== Records from a dataset ==
==============================
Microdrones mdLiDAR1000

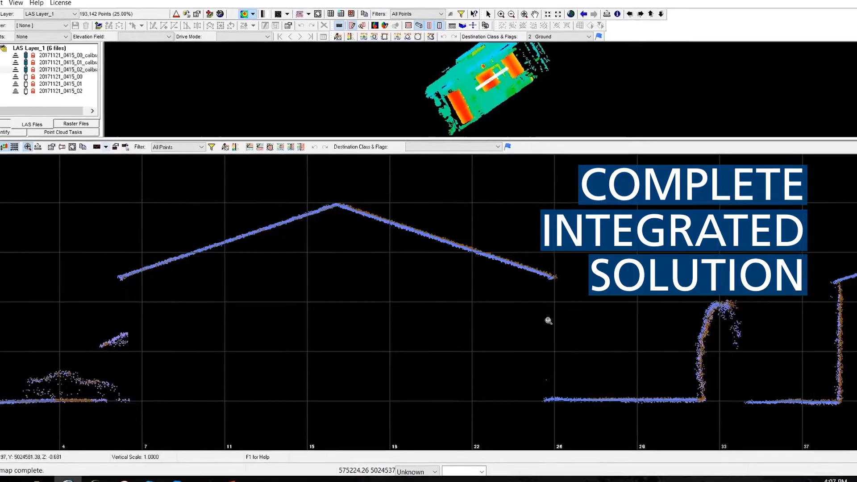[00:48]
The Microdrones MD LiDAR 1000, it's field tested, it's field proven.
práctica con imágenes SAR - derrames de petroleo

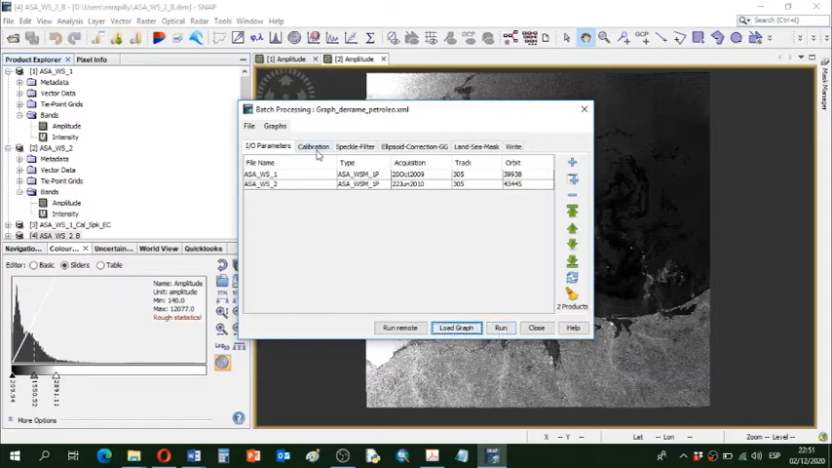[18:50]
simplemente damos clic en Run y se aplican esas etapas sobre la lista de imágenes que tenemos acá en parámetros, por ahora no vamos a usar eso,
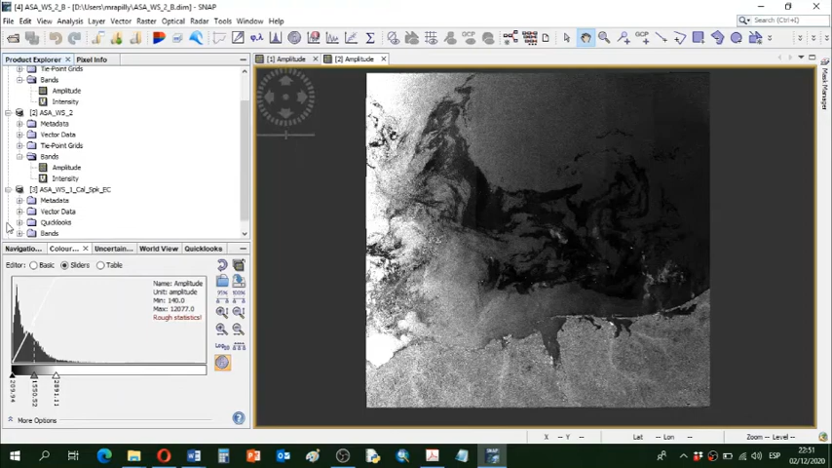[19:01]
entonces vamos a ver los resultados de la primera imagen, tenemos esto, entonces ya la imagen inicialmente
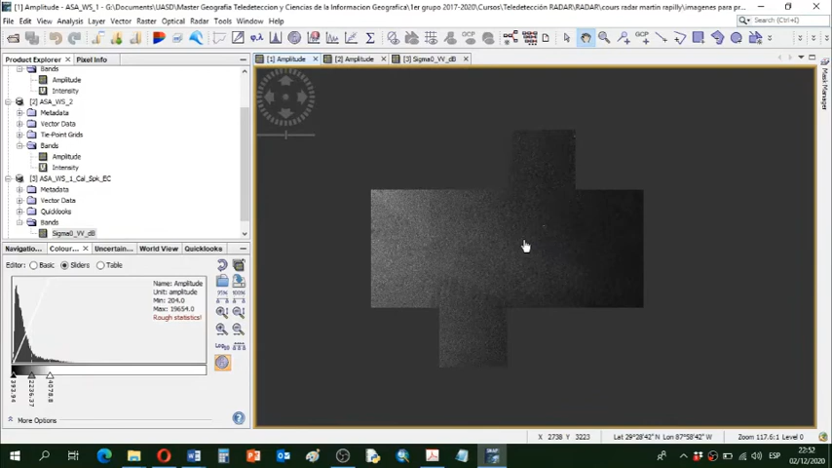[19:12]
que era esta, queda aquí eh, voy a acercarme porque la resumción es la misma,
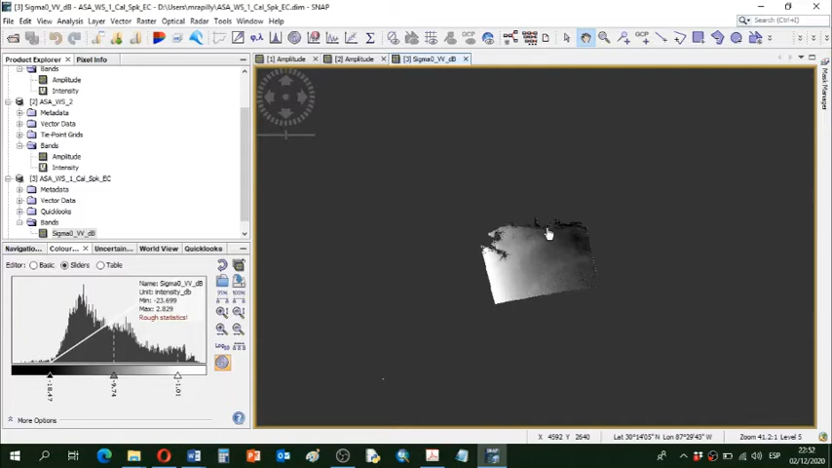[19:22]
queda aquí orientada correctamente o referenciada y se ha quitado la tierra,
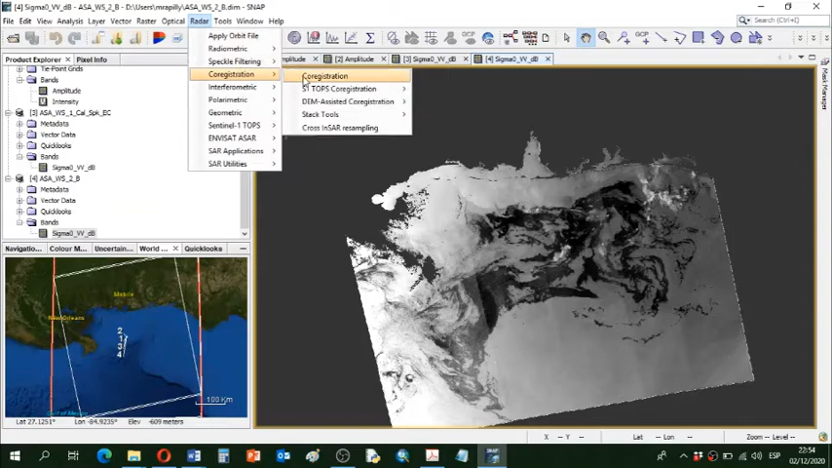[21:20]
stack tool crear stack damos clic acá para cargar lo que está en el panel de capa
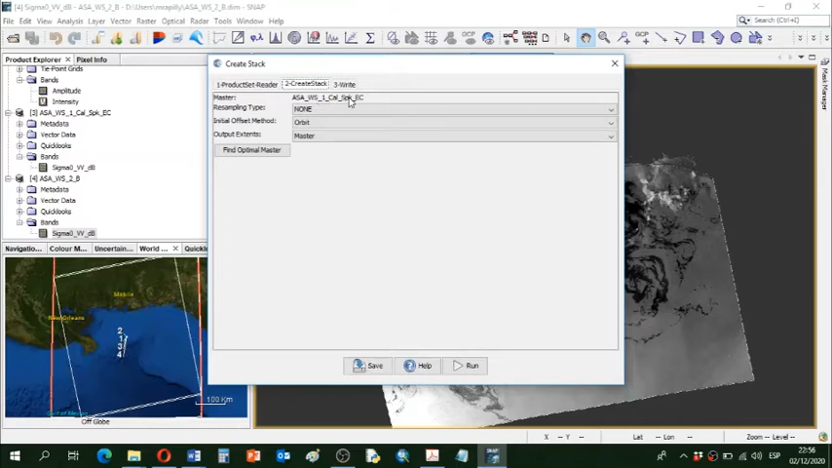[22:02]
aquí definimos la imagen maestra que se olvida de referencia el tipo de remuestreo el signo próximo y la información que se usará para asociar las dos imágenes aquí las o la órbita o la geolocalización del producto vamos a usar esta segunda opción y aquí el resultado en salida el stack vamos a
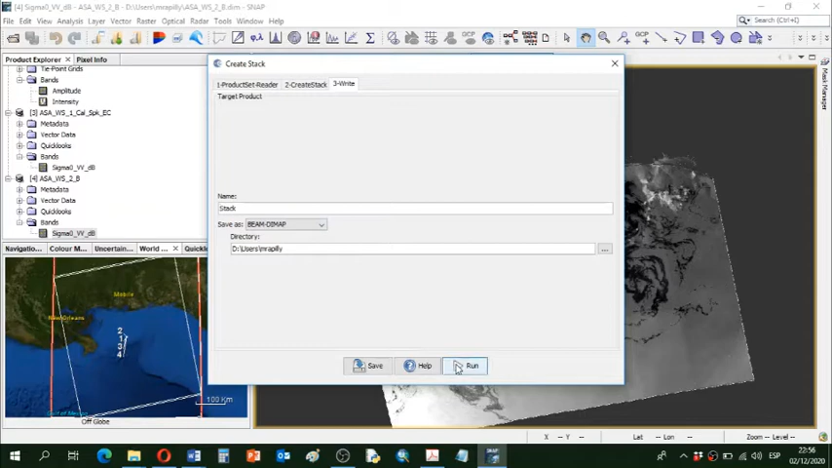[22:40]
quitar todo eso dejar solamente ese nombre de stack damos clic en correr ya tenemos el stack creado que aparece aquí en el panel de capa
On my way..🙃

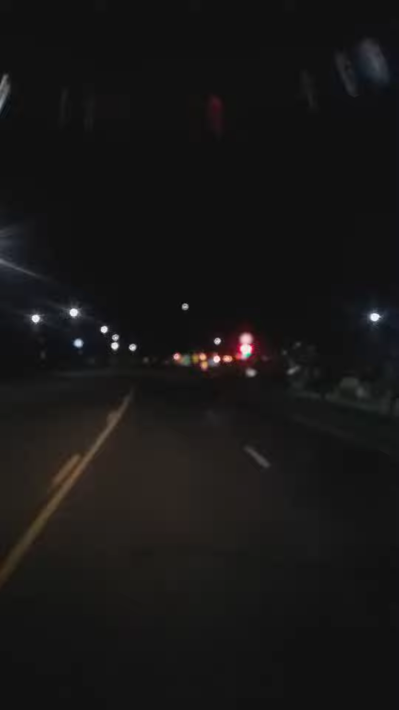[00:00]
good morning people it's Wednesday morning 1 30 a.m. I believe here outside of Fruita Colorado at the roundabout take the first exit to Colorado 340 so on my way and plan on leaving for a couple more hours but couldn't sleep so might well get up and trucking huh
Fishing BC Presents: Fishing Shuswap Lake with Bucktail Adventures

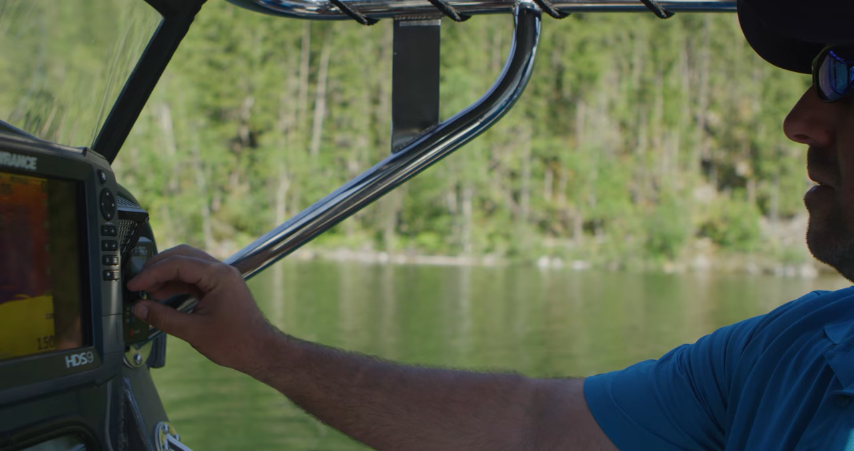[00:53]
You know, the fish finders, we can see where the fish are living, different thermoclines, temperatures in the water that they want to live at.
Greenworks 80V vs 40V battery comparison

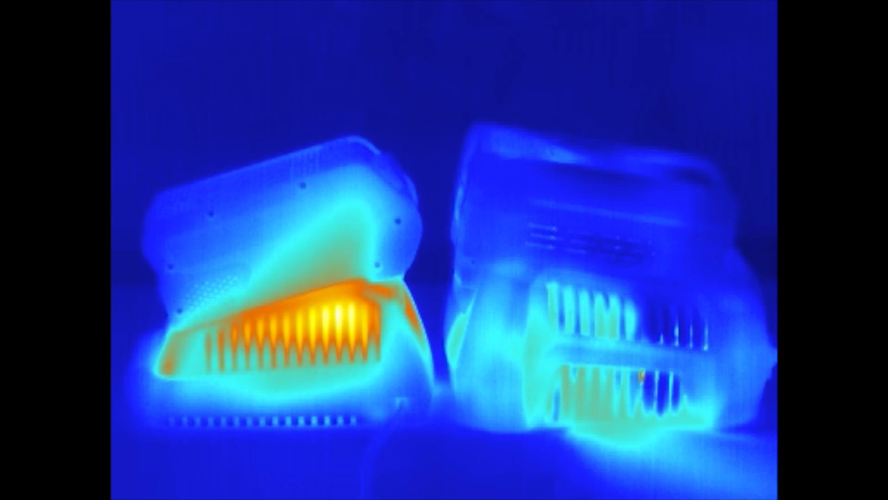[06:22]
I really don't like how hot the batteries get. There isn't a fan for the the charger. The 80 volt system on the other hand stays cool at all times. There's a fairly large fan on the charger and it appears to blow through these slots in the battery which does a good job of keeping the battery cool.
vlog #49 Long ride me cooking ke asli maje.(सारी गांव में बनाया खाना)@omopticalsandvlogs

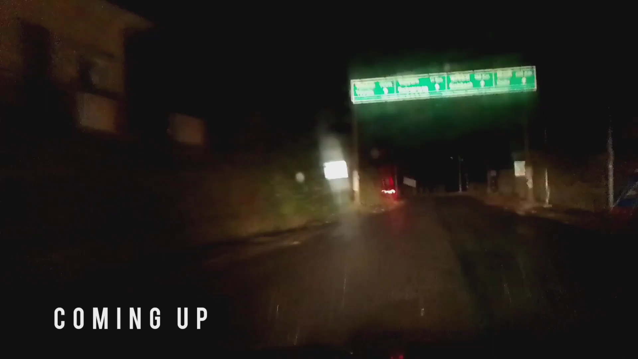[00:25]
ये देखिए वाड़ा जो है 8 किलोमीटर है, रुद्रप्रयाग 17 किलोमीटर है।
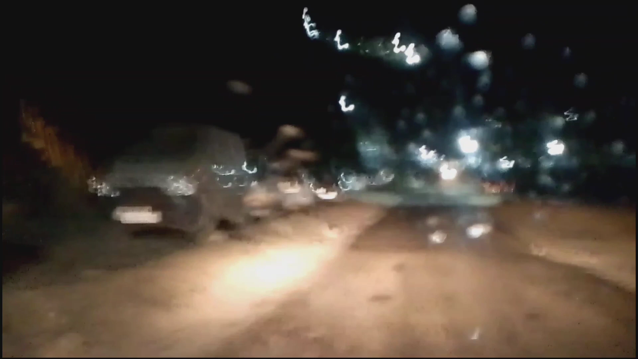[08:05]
==============================
== BRIEF ==
The required result is an exact copy of the lines from the line containing "vlog #49 Long" through the end of the entries, with every picture left out.

== SOLUTION TO THE EXERCISE ==
vlog #49 Long ride me cooking ke asli maje.(सारी गांव में बनाया खाना)@omopticalsandvlogs

[00:25]
ये देखिए वाड़ा जो है 8 किलोमीटर है, रुद्रप्रयाग 17 किलोमीटर है।
[08:05]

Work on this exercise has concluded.